Craft a Compelling Cover Letter: Your cover letter is your chance to shine! Use it to explain why you're passionate about AI/ML and how your background makes you a perfect fit for our team. Donβt forget to mention specific experiences that relate to the job description.
Showcase Your Projects: If you've worked on any projects involving distributed deep learning or GPU optimization, make sure to include them in your application. We love seeing real-world applications of your skills, so donβt hold back!
Apply Through Our Website: We encourage you to apply through our website for the best chance of getting noticed. Itβs super easy, and youβll be able to keep track of your application status directly with us!

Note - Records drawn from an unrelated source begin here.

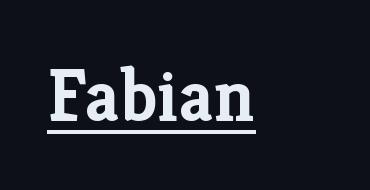
Q: Is the text bold? A: Yes.
Q: Is the text italic (slanted)? A: No, it is upright.
Q: Is the typeface a serif or a sans-serif typeface? A: Serif.
Q: Is the text underlined? A: Yes.
Q: Is the spacing between letters normal or unusually wide? A: Normal.
Q: Width (condensed, normal, or wide)? A: Normal.
Q: Stroke contrast? A: Low.
Q: x-height? A: Medium.
Q: Monospaced? A: No.
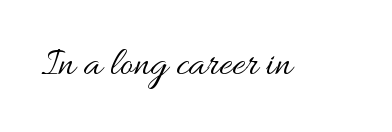
The image shows 40 px regular-weight, wide type; set normal letter spacing, not underlined; medium stroke contrast and a small x-height.
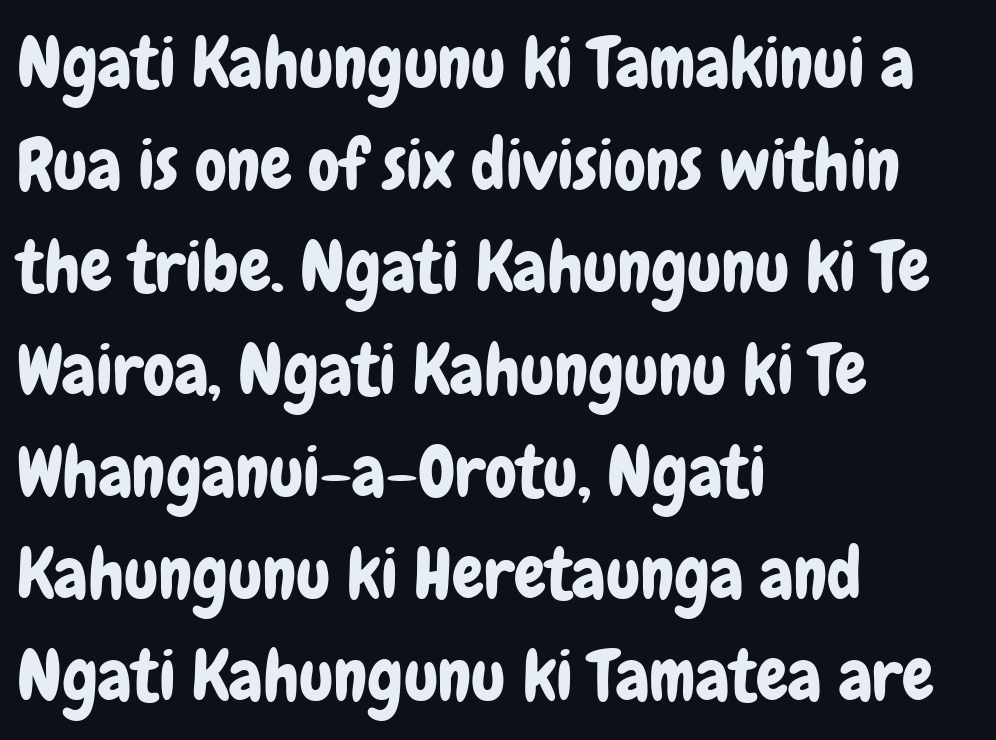
This rendering uses left alignment, leaving the right contour irregular. The area under the type is left untouched. Each letter keeps its own natural width here, so spacing adapts to shape. How are the letters spaced? Ordinarily, with no added tracking. A normal amount of white space separates one row of letters from the next.
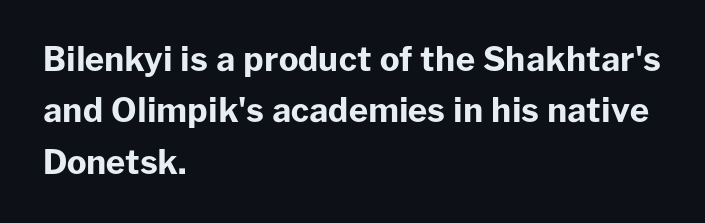
Q: Is the text bold? A: Yes.
Q: Is the text italic (slanted)? A: No, it is upright.
Q: Is the typeface a serif or a sans-serif typeface? A: Sans-serif.
Q: Is the text underlined? A: No.
Q: How is the paragraph aligned? A: Left-aligned.
Q: Is the spacing between letters normal or unusually wide? A: Normal.
Q: Is the spacing between lines tight, normal or loose? A: Normal.
Q: Width (condensed, normal, or wide)? A: Normal.
Q: Stroke contrast? A: Low.
Q: x-height? A: Medium.
Q: Monospaced? A: No.
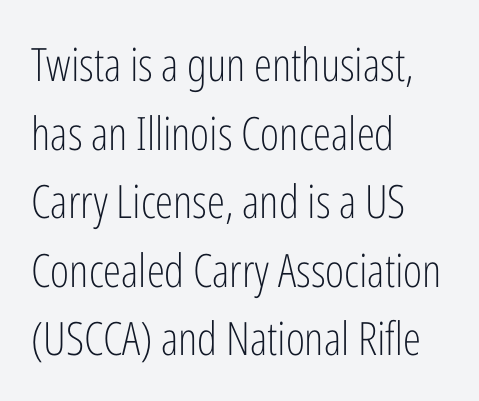
The image shows 46 px light, condensed sans-serif type, upright; set left-aligned, normal line spacing (1.49x), normal letter spacing, not underlined; low stroke contrast and a medium x-height.
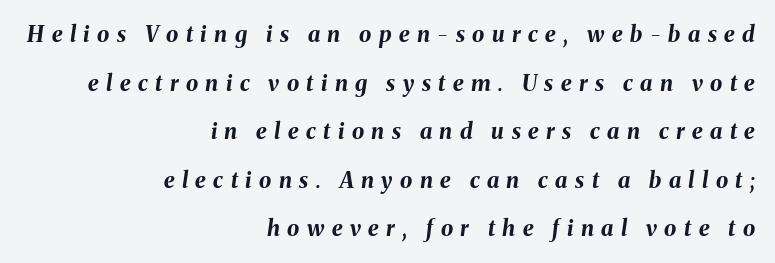
Q: Is the text bold? A: Yes.
Q: Is the text italic (slanted)? A: Yes, it leans right by about 8 degrees.
Q: Is the text underlined? A: No.
Q: How is the paragraph aligned? A: Right-aligned.
Q: Is the spacing between letters normal or unusually wide? A: Unusually wide.
Q: Is the spacing between lines tight, normal or loose? A: Loose.
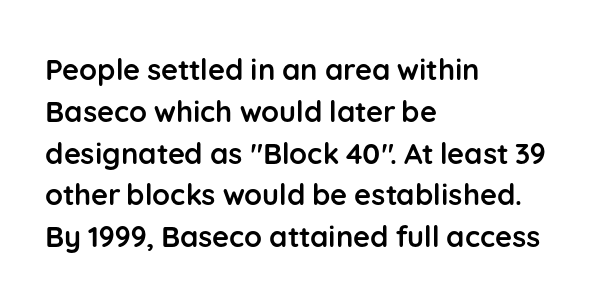
{"serif": "no", "italic": "no", "bold": "yes", "weight": "semibold", "width": "normal", "stroke_contrast": "low", "x_height": "medium", "monospaced": "no", "underline": "no", "align": "left", "line_spacing": "normal", "line_spacing_ratio": 1.44, "letter_spacing": "normal", "letter_spacing_em": 0.0, "glyph_px": 29}
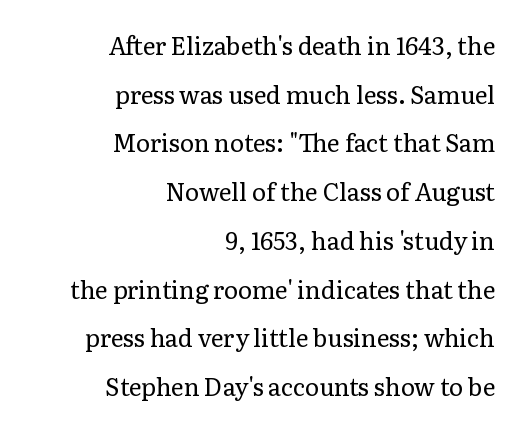
{"italic": "no", "bold": "no", "underline": "no", "align": "right", "line_spacing": "loose", "line_spacing_ratio": 2.03, "letter_spacing": "normal", "letter_spacing_em": 0.0, "glyph_px": 24}
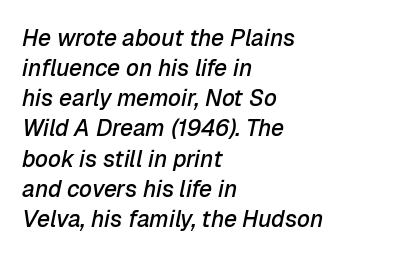
The image shows 23 px text type, italic (leaning right); set left-aligned, normal line spacing (1.31x), normal letter spacing, not underlined.
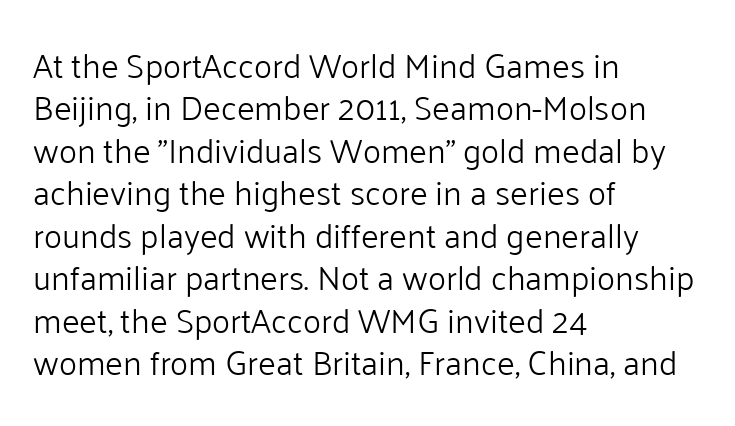
The image shows 34 px light sans-serif type, upright; set left-aligned, normal line spacing (1.25x), normal letter spacing, not underlined; low stroke contrast and a medium x-height.
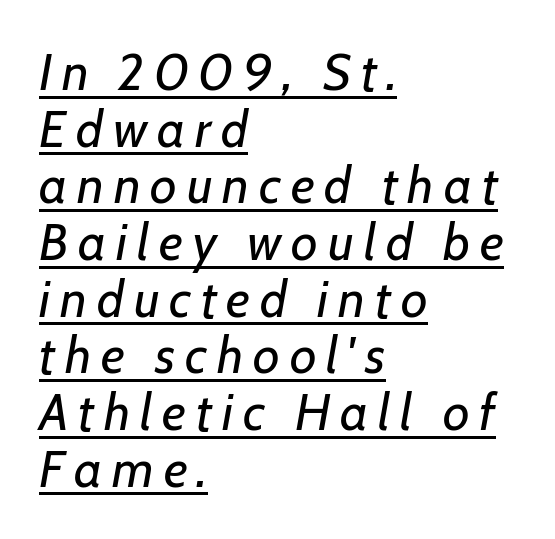
{"italic": "yes", "lean": "right", "slant_degrees": 7, "bold": "no", "weight": "regular", "width": "normal", "stroke_contrast": "low", "x_height": "medium", "monospaced": "no", "underline": "yes", "align": "left", "line_spacing": "tight", "line_spacing_ratio": 1.09, "glyph_px": 52}
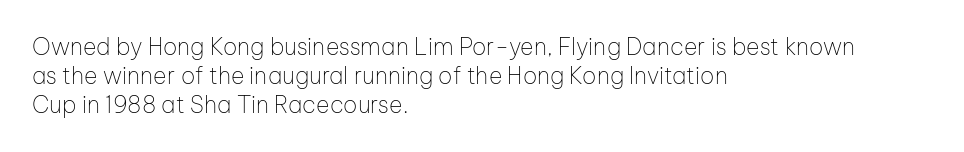
Q: Is the text bold? A: No.
Q: Is the text italic (slanted)? A: No, it is upright.
Q: Is the text underlined? A: No.
Q: How is the paragraph aligned? A: Left-aligned.
Q: Is the spacing between letters normal or unusually wide? A: Normal.
Q: Is the spacing between lines tight, normal or loose? A: Normal.
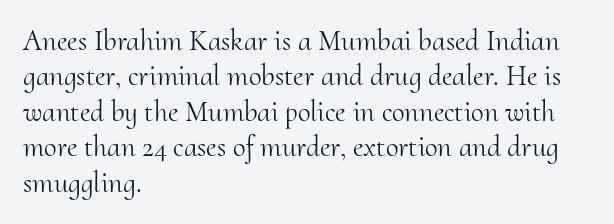
The image shows 29 px light serif type, upright; set left-aligned, line spacing 1.22x, normal letter spacing, not underlined; medium stroke contrast and a small x-height.
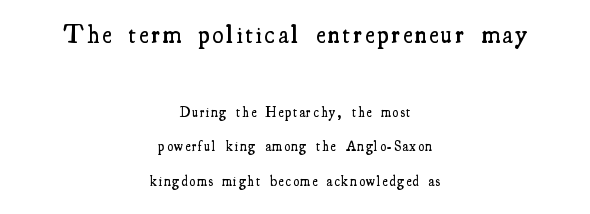
The image shows 25 px text type, upright; set centered, loose line spacing (2.47x), not underlined; the first (top) block is 1.79x larger.

How to prepare for a job interview at EPIC Centre
β¨Know Your Tech Inside Out
Make sure youβre well-versed in C++ and Python, as well as GPU programming with CUDA. Brush up on your knowledge of communication libraries like NCCL and OpenMPI, and be ready to discuss your hands-on experience with debugging tools. This will show that youβre not just familiar with the tech but can also apply it effectively.

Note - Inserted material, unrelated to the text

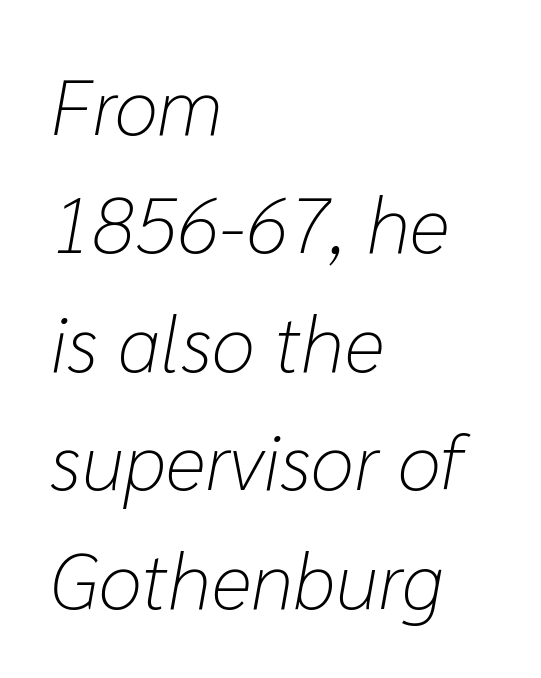
Looking at the ascenders, they clearly lean. Spacing verdict: proportional, widths tailored to each character. The text block is weighted toward the left margin, trailing off unevenly rightward. Letters have the restrained weight of plain body copy at most. Compared with typical paragraphs, the rows here are spaced about the same. Look at the tracking — it's just the regular setting, nothing added.
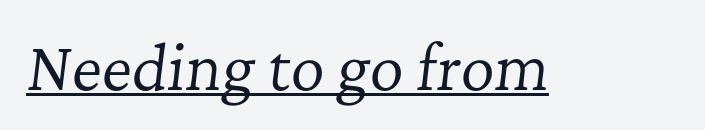
The image shows 59 px regular-weight serif type, italic (leaning right); set normal letter spacing, underlined; low stroke contrast and a medium x-height.

β¨Showcase Your Problem-Solving Skills
Prepare to discuss specific challenges you've faced in previous projects, especially those related to performance bottlenecks in GPU applications. Use examples that highlight your ability to profile, benchmark, and debug effectively. This will demonstrate your analytical skills and how you approach complex problems.
β¨Collaborate Like a Pro
Since this role involves working closely with hardware and software teams, be ready to talk about your collaborative experiences. Share examples of how youβve integrated different systems or worked on cross-functional teams. This will illustrate your teamwork skills and your ability to contribute to system-level architecture decisions.
β¨Understand the Bigger Picture
Familiarise yourself with Oriole's mission and how your role as an ML Systems/Infrastructure Engineer fits into their vision of revolutionising data centres. Being able to articulate how your work contributes to accelerating AI in a low carbon world will set you apart and show your genuine interest in the company.